If 23 g of ethanol (c2h5oh) is dissolved in 60 g of ethenoic acid (ch3cooh). Then find out the mole fraction of each component?
1st step: figure how many moles of each you have.
Then figure the fraction.
To find the mole fraction of each component, we need to determine the number of moles of ethanol and ethanoic acid.

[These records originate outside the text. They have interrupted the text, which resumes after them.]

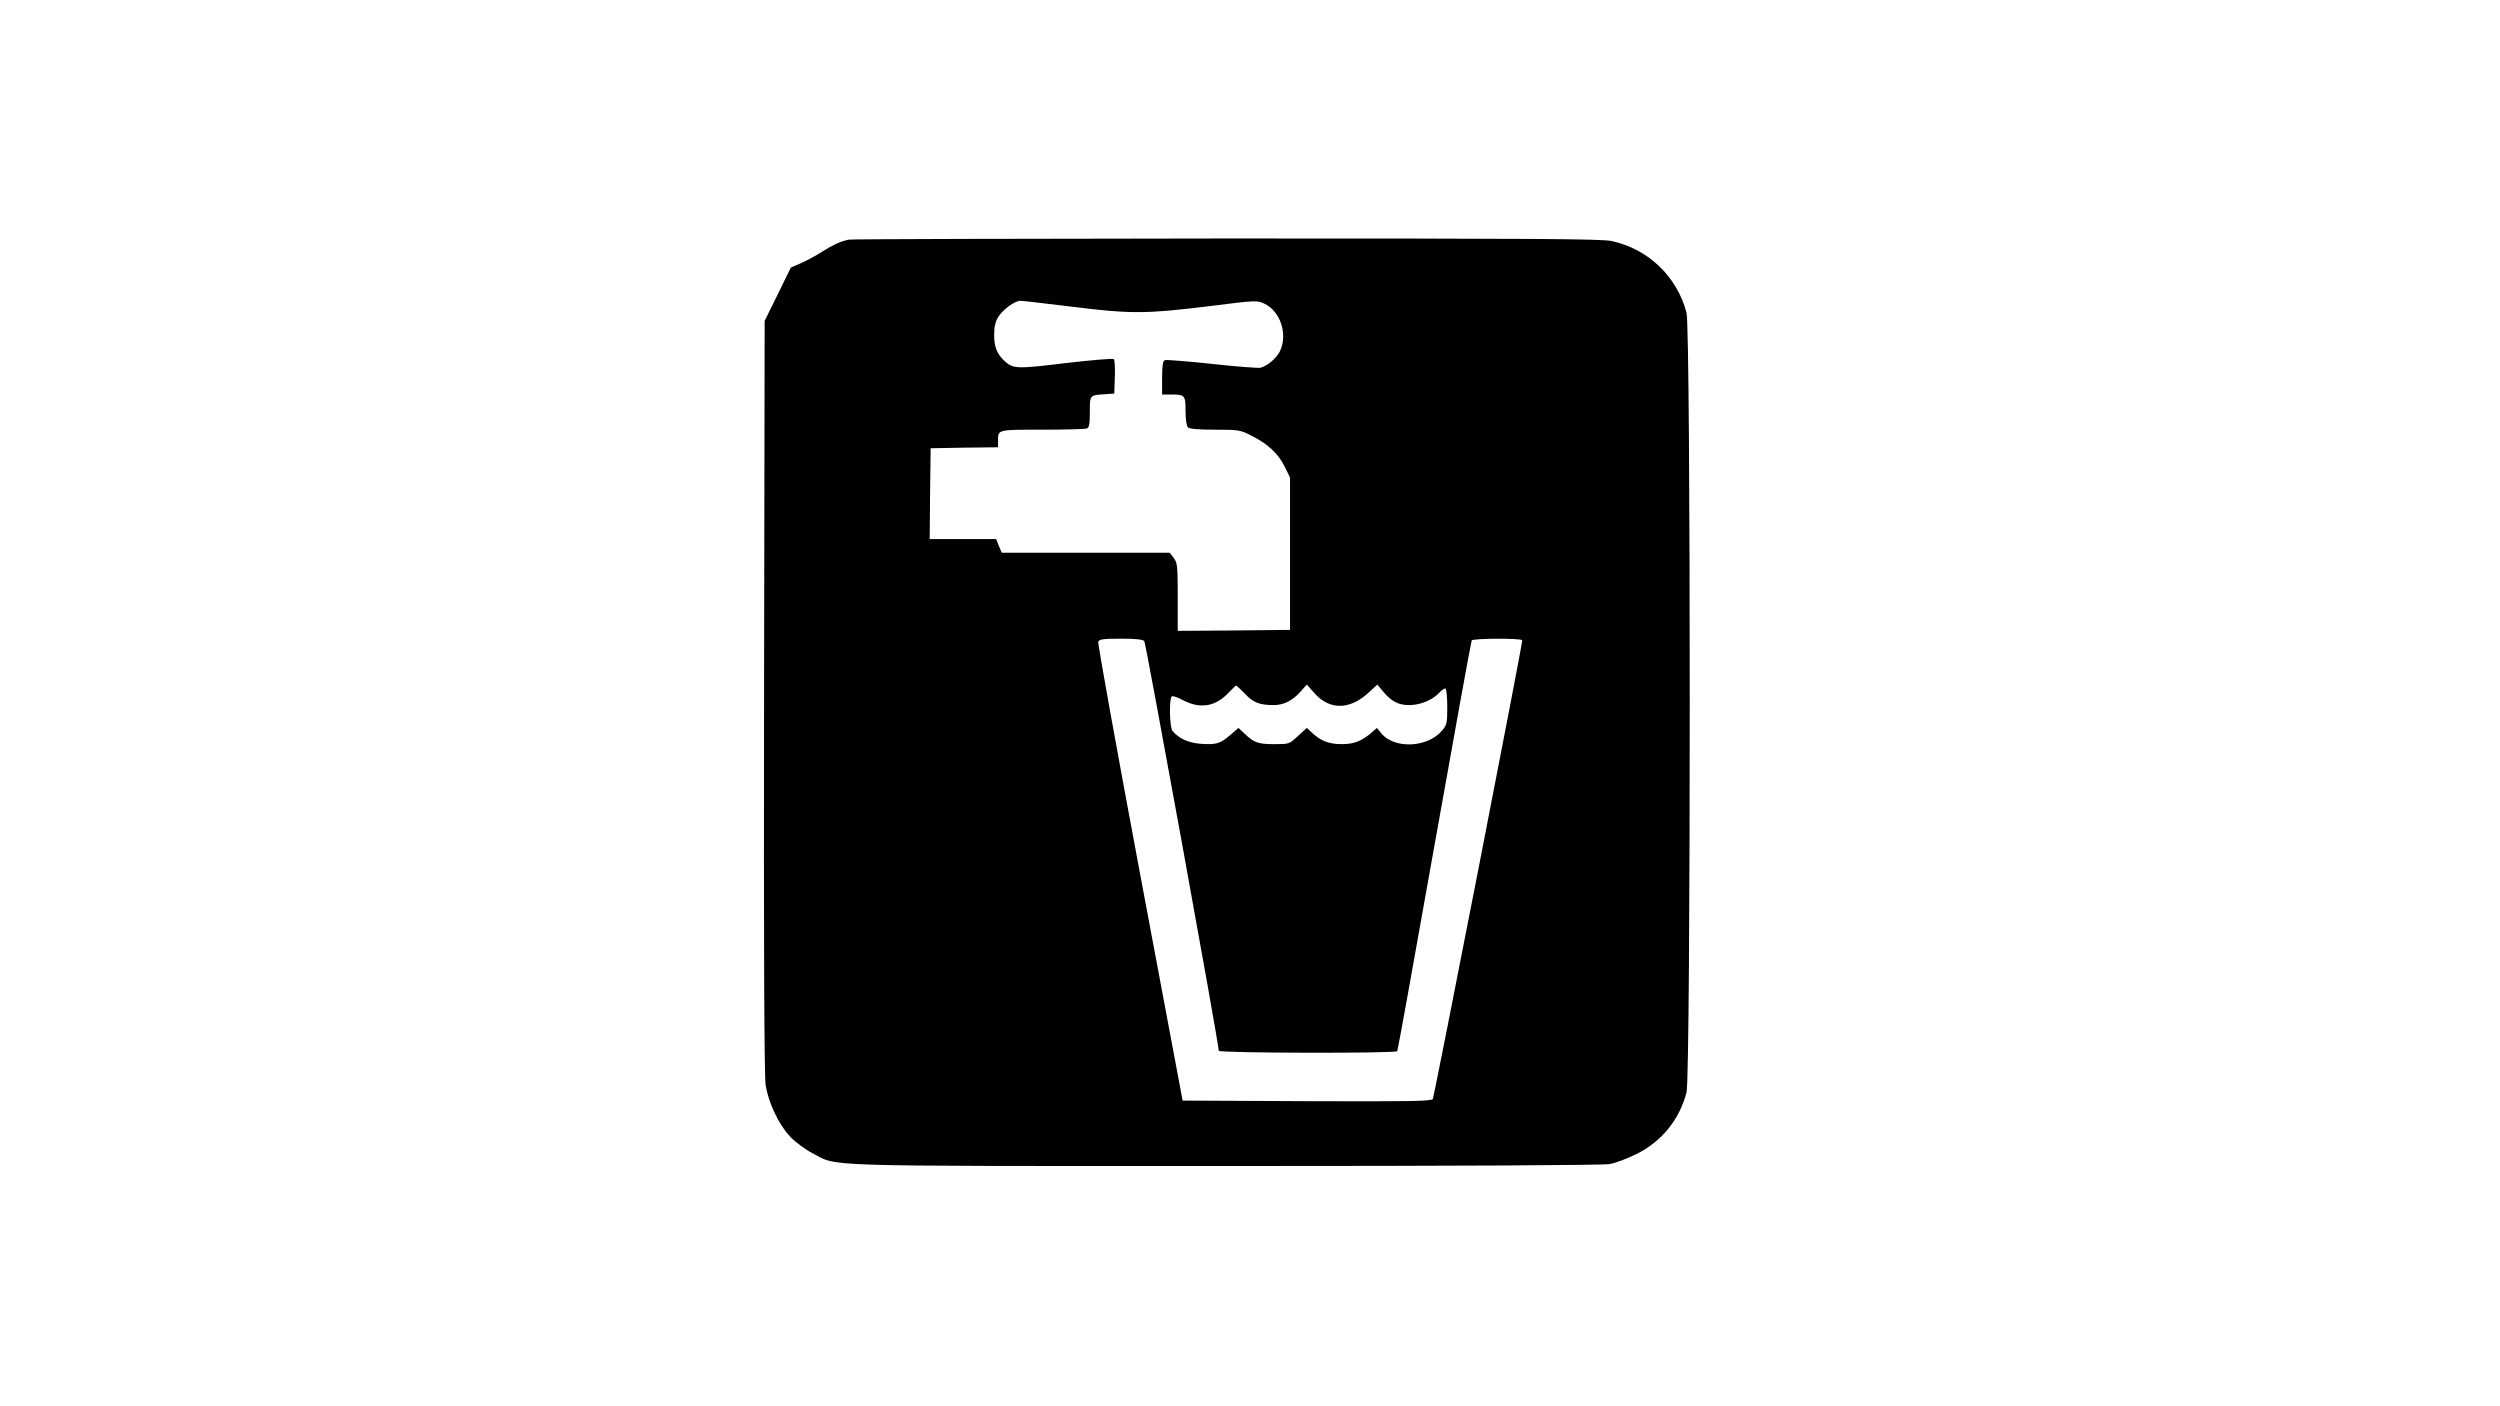 <?xml version="1.0" standalone="no"?>
<!DOCTYPE svg PUBLIC "-//W3C//DTD SVG 20010904//EN"
 "http://www.w3.org/TR/2001/REC-SVG-20010904/DTD/svg10.dtd">
<svg version="1.0" xmlns="http://www.w3.org/2000/svg"
 width="1280pt" height="720pt" viewBox="0 0 1280 720"
 preserveAspectRatio="xMidYMid meet">
<g transform="translate(0,720) scale(0.1,-0.1)"
fill="#000000" stroke="none">
<path d="M4345 5973 c-40 -8 -81 -27 -135 -61 -30 -20 -79 -46 -108 -59 l-53
-23 -67 -137 -67 -136 -3 -1921 c-2 -1310 1 -1943 8 -1991 14 -90 66 -201 125
-264 25 -27 76 -65 114 -85 134 -70 -11 -66 2112 -66 1227 0 1936 4 1970 10
30 5 91 28 135 50 131 64 222 176 259 317 22 84 22 3909 0 3992 -49 186 -197
327 -384 367 -55 11 -372 13 -1976 13 -1050 -1 -1919 -3 -1930 -6z m1140 -343
c304 -38 382 -37 695 1 252 32 256 32 294 14 82 -39 120 -156 80 -242 -18 -37
-65 -77 -101 -86 -12 -2 -124 6 -249 20 -124 13 -233 22 -240 19 -10 -4 -14
-28 -14 -91 l0 -85 44 0 c73 0 76 -3 76 -84 0 -43 5 -77 12 -84 8 -8 53 -12
138 -12 121 0 130 -1 186 -30 85 -42 138 -92 171 -158 l28 -57 0 -390 0 -390
-287 -3 -288 -2 0 173 c0 161 -2 176 -21 201 l-20 26 -430 0 -430 0 -15 35
-14 35 -170 0 -170 0 2 233 3 232 173 3 172 2 0 29 c0 63 -8 61 225 61 117 0
220 3 229 6 13 5 16 22 16 85 0 88 -2 86 85 91 l40 3 3 84 c2 46 -1 88 -5 92
-5 5 -116 -5 -247 -20 -253 -31 -269 -30 -314 12 -38 35 -52 72 -52 133 0 40
6 67 21 91 24 39 85 83 114 83 11 0 128 -14 260 -30z m374 -1713 c8 -11 381
-2059 381 -2097 0 -12 906 -14 914 -2 3 5 88 477 190 1051 102 573 188 1046
191 1052 7 11 252 12 259 1 4 -7 -447 -2318 -458 -2349 -5 -11 -113 -13 -643
-11 l-638 3 -219 1167 c-120 641 -216 1173 -213 1182 5 13 25 16 115 16 79 0
113 -4 121 -13z m516 -270 c43 -45 74 -57 147 -57 50 0 95 22 136 68 l33 37
38 -43 c79 -90 185 -88 284 7 l39 36 28 -34 c45 -53 79 -71 135 -71 58 0 119
26 154 63 13 15 28 24 32 21 5 -3 9 -45 9 -94 0 -81 -2 -91 -26 -120 -76 -90
-248 -96 -314 -12 l-20 25 -23 -20 c-52 -46 -93 -63 -156 -63 -67 0 -108 16
-153 58 l-27 25 -45 -41 c-45 -42 -46 -42 -121 -42 -83 0 -104 7 -152 53 l-32
30 -43 -37 c-51 -44 -71 -50 -153 -44 -62 5 -111 28 -142 66 -15 19 -18 168
-3 177 5 3 32 -6 59 -21 87 -45 165 -32 233 41 18 19 35 35 37 35 3 0 23 -20
46 -43z"/>
</g>
</svg>

First, we will calculate the moles of ethanol (C2H5OH):
Molar mass of C2H5OH = 2 * molar mass of C + 6 * molar mass of H + 1 * molar mass of O
= (2 * 12.01 g/mol) + (6 * 1.008 g/mol) + (1 * 16.00 g/mol)
= 46.07 g/mol
Number of moles of ethanol = mass of ethanol / molar mass of ethanol
= 23 g / 46.07 g/mol
= 0.4997 mol (approximately)
Now, let's calculate the moles of ethanoic acid (CH3COOH):
Molar mass of CH3COOH = (1 * molar mass of C) + (2 * molar mass of H) + (2 * molar mass of O)

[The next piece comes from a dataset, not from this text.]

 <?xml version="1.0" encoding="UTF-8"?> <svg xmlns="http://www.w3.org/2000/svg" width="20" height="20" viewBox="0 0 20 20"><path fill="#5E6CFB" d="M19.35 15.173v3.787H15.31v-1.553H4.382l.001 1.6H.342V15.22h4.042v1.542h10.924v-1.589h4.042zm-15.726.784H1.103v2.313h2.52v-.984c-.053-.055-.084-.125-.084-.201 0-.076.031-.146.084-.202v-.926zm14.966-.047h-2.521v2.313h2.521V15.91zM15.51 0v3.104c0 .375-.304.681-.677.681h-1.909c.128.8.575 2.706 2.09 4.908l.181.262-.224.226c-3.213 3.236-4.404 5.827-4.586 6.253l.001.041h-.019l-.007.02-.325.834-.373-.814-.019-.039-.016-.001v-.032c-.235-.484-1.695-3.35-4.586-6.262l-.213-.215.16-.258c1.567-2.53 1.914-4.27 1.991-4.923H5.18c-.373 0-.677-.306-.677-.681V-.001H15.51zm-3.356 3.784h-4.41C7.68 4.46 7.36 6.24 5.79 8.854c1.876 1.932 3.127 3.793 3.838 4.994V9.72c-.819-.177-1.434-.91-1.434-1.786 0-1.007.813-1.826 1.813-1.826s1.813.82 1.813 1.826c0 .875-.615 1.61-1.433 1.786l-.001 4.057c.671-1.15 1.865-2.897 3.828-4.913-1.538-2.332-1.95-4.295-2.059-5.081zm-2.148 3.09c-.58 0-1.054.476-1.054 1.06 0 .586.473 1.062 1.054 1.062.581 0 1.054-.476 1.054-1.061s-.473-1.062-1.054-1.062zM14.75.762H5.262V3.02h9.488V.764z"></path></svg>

= (1 * 12.01 g/mol) + (2 * 1.008 g/mol) + (2 * 16.00 g/mol)
= 60.05 g/mol
Number of moles of ethanoic acid = mass of ethanoic acid / molar mass of ethanoic acid
= 60 g / 60.05 g/mol
= 0.9995 mol (approximately)
Now, we can calculate the mole fraction of each component:
Mole fraction of ethanol (Xethanol) = moles of ethanol / total moles in the solution
= 0.4997 mol / (0.4997 mol + 0.9995 mol)
= 0.333 (approximately)
Mole fraction of ethanoic acid (Xethanoic acid) = moles of ethanoic acid / total moles in the solution
= 0.9995 mol / (0.4997 mol + 0.9995 mol)
= 0.667 (approximately)
Therefore, the mole fraction of ethanol (C2H5OH) is 0.333, and the mole fraction of ethanoic acid (CH3COOH) is 0.667 in the given solution.